## WORK REQUEST
In the response, each entry below should appear again exactly as given.

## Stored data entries
------------------------------------

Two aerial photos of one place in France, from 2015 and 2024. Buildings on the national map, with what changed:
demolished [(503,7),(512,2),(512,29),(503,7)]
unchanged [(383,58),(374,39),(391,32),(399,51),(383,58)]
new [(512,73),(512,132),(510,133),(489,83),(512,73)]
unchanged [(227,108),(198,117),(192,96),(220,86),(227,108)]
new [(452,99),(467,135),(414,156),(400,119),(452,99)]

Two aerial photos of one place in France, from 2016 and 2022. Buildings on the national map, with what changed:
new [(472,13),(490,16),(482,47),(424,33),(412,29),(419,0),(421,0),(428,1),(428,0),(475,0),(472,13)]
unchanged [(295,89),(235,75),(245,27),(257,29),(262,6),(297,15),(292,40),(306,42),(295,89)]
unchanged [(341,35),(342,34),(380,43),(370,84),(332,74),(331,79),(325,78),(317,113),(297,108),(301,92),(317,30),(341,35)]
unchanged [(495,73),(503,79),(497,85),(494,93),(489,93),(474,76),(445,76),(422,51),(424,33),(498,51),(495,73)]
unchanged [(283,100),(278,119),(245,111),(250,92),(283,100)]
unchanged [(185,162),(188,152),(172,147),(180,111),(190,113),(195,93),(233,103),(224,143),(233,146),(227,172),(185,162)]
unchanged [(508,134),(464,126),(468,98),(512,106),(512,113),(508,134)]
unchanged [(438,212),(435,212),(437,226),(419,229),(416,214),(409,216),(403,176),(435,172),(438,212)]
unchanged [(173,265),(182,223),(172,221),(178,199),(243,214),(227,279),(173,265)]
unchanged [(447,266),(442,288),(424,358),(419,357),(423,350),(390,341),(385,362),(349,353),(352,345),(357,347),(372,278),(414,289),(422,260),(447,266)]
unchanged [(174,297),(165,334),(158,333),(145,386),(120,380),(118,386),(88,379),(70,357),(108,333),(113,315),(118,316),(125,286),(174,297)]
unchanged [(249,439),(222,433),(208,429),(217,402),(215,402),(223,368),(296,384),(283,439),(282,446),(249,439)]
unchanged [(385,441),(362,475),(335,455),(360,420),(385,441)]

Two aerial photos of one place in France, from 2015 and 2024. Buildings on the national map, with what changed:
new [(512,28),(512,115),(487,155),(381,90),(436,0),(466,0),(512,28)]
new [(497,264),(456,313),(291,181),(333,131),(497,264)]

------------------------------------

## EXERCISE OUTPUT
Two aerial photos of one place in France, from 2015 and 2024. Buildings on the national map, with what changed:
demolished [(503,7),(512,2),(512,29),(503,7)]
unchanged [(383,58),(374,39),(391,32),(399,51),(383,58)]
new [(512,73),(512,132),(510,133),(489,83),(512,73)]
unchanged [(227,108),(198,117),(192,96),(220,86),(227,108)]
new [(452,99),(467,135),(414,156),(400,119),(452,99)]

Two aerial photos of one place in France, from 2016 and 2022. Buildings on the national map, with what changed:
new [(472,13),(490,16),(482,47),(424,33),(412,29),(419,0),(421,0),(428,1),(428,0),(475,0),(472,13)]
unchanged [(295,89),(235,75),(245,27),(257,29),(262,6),(297,15),(292,40),(306,42),(295,89)]
unchanged [(341,35),(342,34),(380,43),(370,84),(332,74),(331,79),(325,78),(317,113),(297,108),(301,92),(317,30),(341,35)]
unchanged [(495,73),(503,79),(497,85),(494,93),(489,93),(474,76),(445,76),(422,51),(424,33),(498,51),(495,73)]
unchanged [(283,100),(278,119),(245,111),(250,92),(283,100)]
unchanged [(185,162),(188,152),(172,147),(180,111),(190,113),(195,93),(233,103),(224,143),(233,146),(227,172),(185,162)]
unchanged [(508,134),(464,126),(468,98),(512,106),(512,113),(508,134)]
unchanged [(438,212),(435,212),(437,226),(419,229),(416,214),(409,216),(403,176),(435,172),(438,212)]
unchanged [(173,265),(182,223),(172,221),(178,199),(243,214),(227,279),(173,265)]
unchanged [(447,266),(442,288),(424,358),(419,357),(423,350),(390,341),(385,362),(349,353),(352,345),(357,347),(372,278),(414,289),(422,260),(447,266)]
unchanged [(174,297),(165,334),(158,333),(145,386),(120,380),(118,386),(88,379),(70,357),(108,333),(113,315),(118,316),(125,286),(174,297)]
unchanged [(249,439),(222,433),(208,429),(217,402),(215,402),(223,368),(296,384),(283,439),(282,446),(249,439)]
unchanged [(385,441),(362,475),(335,455),(360,420),(385,441)]

Two aerial photos of one place in France, from 2015 and 2024. Buildings on the national map, with what changed:
new [(512,28),(512,115),(487,155),(381,90),(436,0),(466,0),(512,28)]
new [(497,264),(456,313),(291,181),(333,131),(497,264)]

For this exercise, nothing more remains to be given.